Well, we finally came up with a semi-decent solution to the problem with redirects in Tomcat.
Here is what you do:
In Tomcat's server.xml, you can configure the Connector to run behind a proxy using the proxyName and proxyPort parameters. Here is the relevant piece of Tomcat documentation on these parameters:
"The proxyName and proxyPort attributes can be used when Tomcat is run behind a proxy server. These attributes modify the values returned to web applications that call the request.getServerName() and request.getServerPort() methods, which are often used to construct absolute URLs for redirects. Without configuring these attributes, the values returned would reflect the server name and port on which the connection from the proxy server was received, rather than the server name and port to whom the client directed the original request."
Well, in my case, I'm running Tomcat behind an SSL decoder, not a Proxy, but the effect is the same, and the solution is the same.
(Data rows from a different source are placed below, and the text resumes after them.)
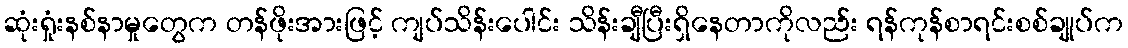
ဆုံးရှုံးနစ်နာမှုတွေက တန်ဖိုးအားဖြင့် ကျပ်သိန်းပေါင်း သိန်းချီပြီးရှိနေတာကိုလည်း ရန်ကုန်စာရင်းစစ်ချုပ်က
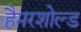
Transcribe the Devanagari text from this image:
हैमरशोल्ड
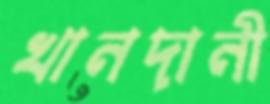
খানদানী
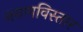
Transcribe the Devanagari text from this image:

So, in the Connector attributes, I set the "proxyName" to the server name of my website as seen from the outside world ("mysite.mydomain.com"). I set "proxyPort" to 443. I set "scheme" to "https", and I set "secure" to "true". And it works!
When Tomcat generates absolute URL's, it knows to use these parameters to build the URL rather than the values from the incoming request.
This solution seems easy in hindsight. But when I was coming at this from the other direction, I didn't know what to look for. I was doing tons and tons of reading on the topic of "SSL with Tomcat" and not on the topic of "proxy servers with Tomcat".
It's one of those "magic word" solutions where you can't find the answer until you guess the magic word to search for.
But I posted many messages on newsgroups and other forums, and nobody else knew the answer to this either. So, I don't feel too bad. :)
So, overall, we have a pretty good end-to-end solution. The only issue we still have is that by configuring the Connector this way, we've locked the entire site into https. We could never have parts of the site be just "http", because we've hard-coded the Connector to treat everything as https.
But that's not so terribly bad. We could still create a separate site for some http content, and jump back and forth between the two sites I suppose.